§ Exercise data
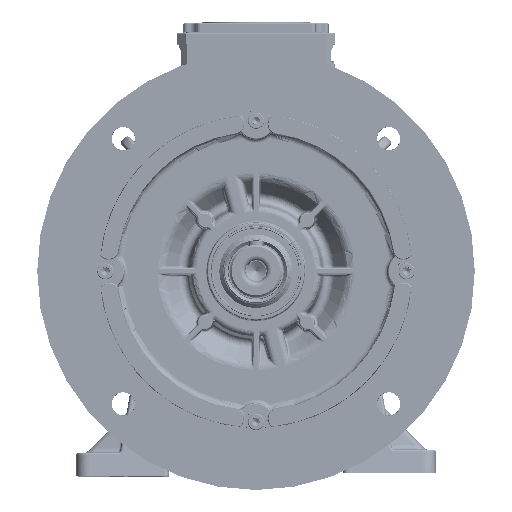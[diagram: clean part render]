
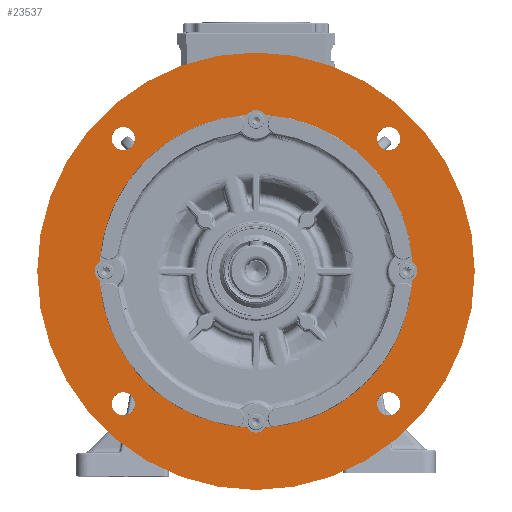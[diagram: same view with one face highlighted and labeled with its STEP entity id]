
A CAD part, top view. The second image highlights one B-rep face of the part: STEP entity #23537.
In plain terms, the highlighted planar face has unit normal (0, 0, 1).
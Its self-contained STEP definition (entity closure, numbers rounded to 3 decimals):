
#13053=FACE_BOUND('',#38692,.T.);
#13054=FACE_BOUND('',#38693,.T.);
#13055=FACE_BOUND('',#38694,.T.);
#13056=FACE_BOUND('',#38695,.T.);
#13057=FACE_BOUND('',#38696,.T.);
#13058=FACE_BOUND('',#38697,.T.);
#17282=PLANE('',#149681);
#23537=ADVANCED_FACE('',(#13053,#13054,#13055,#13056,#13057,#13058),#17282,
 .F.);
#38692=EDGE_LOOP('',(#76151));
#38693=EDGE_LOOP('',(#76152));
#38694=EDGE_LOOP('',(#76153));
#38695=EDGE_LOOP('',(#76154));
#38696=EDGE_LOOP('',(#76155));
#38697=EDGE_LOOP('',(#76156,#76157,#76158,#76159,#76160,#76161,#76162,#76163));
#44591=CIRCLE('',#148715,8.5);
#44597=CIRCLE('',#148723,8.5);
#44635=CIRCLE('',#148796,125.3);
#44636=CIRCLE('',#148798,125.3);
#44641=CIRCLE('',#148805,125.3);
#44642=CIRCLE('',#148807,125.3);
#44916=CIRCLE('',#149246,9.372);
#44918=CIRCLE('',#149250,9.372);
#45102=CIRCLE('',#149673,9.372);
#45104=CIRCLE('',#149676,9.372);
#45105=CIRCLE('',#149678,174.948);
#45106=CIRCLE('',#149679,8.5);
#45107=CIRCLE('',#149680,8.5);
#76151=ORIENTED_EDGE('',*,*,#117070,.F.);
#76152=ORIENTED_EDGE('',*,*,#116407,.T.);
#76153=ORIENTED_EDGE('',*,*,#116401,.T.);
#76154=ORIENTED_EDGE('',*,*,#117067,.T.);
#76155=ORIENTED_EDGE('',*,*,#117069,.T.);
#76156=ORIENTED_EDGE('',*,*,#117071,.F.);
#76157=ORIENTED_EDGE('',*,*,#115643,.F.);
#76158=ORIENTED_EDGE('',*,*,#115468,.F.);
#76159=ORIENTED_EDGE('',*,*,#115658,.F.);
#76160=ORIENTED_EDGE('',*,*,#115478,.F.);
#76161=ORIENTED_EDGE('',*,*,#115657,.F.);
#76162=ORIENTED_EDGE('',*,*,#117072,.F.);
#76163=ORIENTED_EDGE('',*,*,#115645,.F.);
#94234=VERTEX_POINT('',#252214);
#94235=VERTEX_POINT('',#252216);
#94244=VERTEX_POINT('',#252242);
#94245=VERTEX_POINT('',#252244);
#94395=VERTEX_POINT('',#253252);
#94396=VERTEX_POINT('',#253259);
#94397=VERTEX_POINT('',#253261);
#94406=VERTEX_POINT('',#253309);
#94957=VERTEX_POINT('',#257165);
#94963=VERTEX_POINT('',#257179);
#95275=VERTEX_POINT('',#261029);
#95277=VERTEX_POINT('',#261034);
#95278=VERTEX_POINT('',#261037);
#115468=EDGE_CURVE('',#94234,#94235,#44591,.T.);
#115478=EDGE_CURVE('',#94244,#94245,#44597,.T.);
#115643=EDGE_CURVE('',#94235,#94395,#44635,.T.);
#115645=EDGE_CURVE('',#94396,#94397,#44636,.T.);
#115657=EDGE_CURVE('',#94406,#94244,#44641,.T.);
#115658=EDGE_CURVE('',#94245,#94234,#44642,.T.);
#116401=EDGE_CURVE('',#94957,#94957,#44916,.T.);
#116407=EDGE_CURVE('',#94963,#94963,#44918,.T.);
#117067=EDGE_CURVE('',#95275,#95275,#45102,.T.);
#117069=EDGE_CURVE('',#95277,#95277,#45104,.T.);
#117070=EDGE_CURVE('',#95278,#95278,#45105,.T.);
#117071=EDGE_CURVE('',#94395,#94396,#45106,.T.);
#117072=EDGE_CURVE('',#94397,#94406,#45107,.T.);
#148715=AXIS2_PLACEMENT_3D('',#252215,#179510,#179511);
#148723=AXIS2_PLACEMENT_3D('',#252243,#179528,#179529);
#148796=AXIS2_PLACEMENT_3D('',#253253,#179709,#179710);
#148798=AXIS2_PLACEMENT_3D('',#253260,#179713,#179714);
#148805=AXIS2_PLACEMENT_3D('',#253310,#179730,#179731);
#148807=AXIS2_PLACEMENT_3D('',#253312,#179734,#179735);
#149246=AXIS2_PLACEMENT_3D('',#257164,#180733,#180734);
#149250=AXIS2_PLACEMENT_3D('',#257178,#180745,#180746);
#149673=AXIS2_PLACEMENT_3D('',#261028,#181692,#181693);
#149676=AXIS2_PLACEMENT_3D('',#261033,#181698,#181699);
#149678=AXIS2_PLACEMENT_3D('',#261036,#181702,#181703);
#149679=AXIS2_PLACEMENT_3D('',#261038,#181704,#181705);
#149680=AXIS2_PLACEMENT_3D('',#261039,#181706,#181707);
#149681=AXIS2_PLACEMENT_3D('',#261040,#181708,#181709);
#179510=DIRECTION('',(0.,0.,1.));
#179511=DIRECTION('',(-1.,0.,0.));
#179528=DIRECTION('',(0.,0.,1.));
#179529=DIRECTION('',(-1.,0.,0.));
#179709=DIRECTION('',(0.,0.,1.));
#179710=DIRECTION('',(-1.,0.,0.));
#179713=DIRECTION('',(0.,0.,1.));
#179714=DIRECTION('',(-1.,0.,0.));
#179730=DIRECTION('',(0.,0.,1.));
#179731=DIRECTION('',(-1.,0.,0.));
#179734=DIRECTION('',(0.,0.,1.));
#179735=DIRECTION('',(-1.,0.,0.));
#180733=DIRECTION('',(0.,0.,-1.));
#180734=DIRECTION('',(-1.,0.,0.));
#180745=DIRECTION('',(0.,0.,-1.));
#180746=DIRECTION('',(-1.,0.,0.));
#181692=DIRECTION('',(0.,0.,-1.));
#181693=DIRECTION('',(-1.,0.,0.));
#181698=DIRECTION('',(0.,0.,-1.));
#181699=DIRECTION('',(-1.,0.,0.));
#181702=DIRECTION('',(0.,0.,-1.));
#181703=DIRECTION('',(-1.,0.,0.));
#181704=DIRECTION('',(0.,0.,1.));
#181705=DIRECTION('',(-1.,0.,0.));
#181706=DIRECTION('',(0.,0.,1.));
#181707=DIRECTION('',(-1.,0.,0.));
#181708=DIRECTION('',(0.,0.,-1.));
#181709=DIRECTION('',(-1.,0.,0.));
#252214=CARTESIAN_POINT('',(7.15,125.096,49.5));
#252215=CARTESIAN_POINT('',(0.,120.5,49.5));
#252216=CARTESIAN_POINT('',(-7.15,125.096,49.5));
#252242=CARTESIAN_POINT('',(125.096,-7.15,49.5));
#252243=CARTESIAN_POINT('',(120.5,0.,49.5));
#252244=CARTESIAN_POINT('',(125.096,7.15,49.5));
#253252=CARTESIAN_POINT('',(-125.096,7.15,49.5));
#253253=CARTESIAN_POINT('',(0.,0.,49.5));
#253259=CARTESIAN_POINT('',(-125.096,-7.15,49.5));
#253260=CARTESIAN_POINT('',(0.,0.,49.5));
#253261=CARTESIAN_POINT('',(-7.15,-125.096,49.5));
#253309=CARTESIAN_POINT('',(7.15,-125.096,49.5));
#253310=CARTESIAN_POINT('',(0.,0.,49.5));
#253312=CARTESIAN_POINT('',(0.,0.,49.5));
#257164=CARTESIAN_POINT('',(106.066,106.066,49.5));
#257165=CARTESIAN_POINT('',(96.694,106.066,49.5));
#257178=CARTESIAN_POINT('',(106.066,-106.066,49.5));
#257179=CARTESIAN_POINT('',(96.694,-106.066,49.5));
#261028=CARTESIAN_POINT('',(-106.066,106.066,49.5));
#261029=CARTESIAN_POINT('',(-115.438,106.066,49.5));
#261033=CARTESIAN_POINT('',(-106.066,-106.066,49.5));
#261034=CARTESIAN_POINT('',(-115.438,-106.066,49.5));
#261036=CARTESIAN_POINT('',(0.,0.,49.5));
#261037=CARTESIAN_POINT('',(-174.948,0.,49.5));
#261038=CARTESIAN_POINT('',(-120.5,0.,49.5));
#261039=CARTESIAN_POINT('',(0.,-120.5,49.5));
#261040=CARTESIAN_POINT('',(0.,-125.3,49.5));

§ Exercise prompt
Starting with the line that contains "#253253=CARTESIAN_POINT('',(0.,0.,49.5));", write out each line through the end of the listing, exactly as it appears, and include nothing else.

§ Answer
#253253=CARTESIAN_POINT('',(0.,0.,49.5));
#253259=CARTESIAN_POINT('',(-125.096,-7.15,49.5));
#253260=CARTESIAN_POINT('',(0.,0.,49.5));
#253261=CARTESIAN_POINT('',(-7.15,-125.096,49.5));
#253309=CARTESIAN_POINT('',(7.15,-125.096,49.5));
#253310=CARTESIAN_POINT('',(0.,0.,49.5));
#253312=CARTESIAN_POINT('',(0.,0.,49.5));
#257164=CARTESIAN_POINT('',(106.066,106.066,49.5));
#257165=CARTESIAN_POINT('',(96.694,106.066,49.5));
#257178=CARTESIAN_POINT('',(106.066,-106.066,49.5));
#257179=CARTESIAN_POINT('',(96.694,-106.066,49.5));
#261028=CARTESIAN_POINT('',(-106.066,106.066,49.5));
#261029=CARTESIAN_POINT('',(-115.438,106.066,49.5));
#261033=CARTESIAN_POINT('',(-106.066,-106.066,49.5));
#261034=CARTESIAN_POINT('',(-115.438,-106.066,49.5));
#261036=CARTESIAN_POINT('',(0.,0.,49.5));
#261037=CARTESIAN_POINT('',(-174.948,0.,49.5));
#261038=CARTESIAN_POINT('',(-120.5,0.,49.5));
#261039=CARTESIAN_POINT('',(0.,-120.5,49.5));
#261040=CARTESIAN_POINT('',(0.,-125.3,49.5));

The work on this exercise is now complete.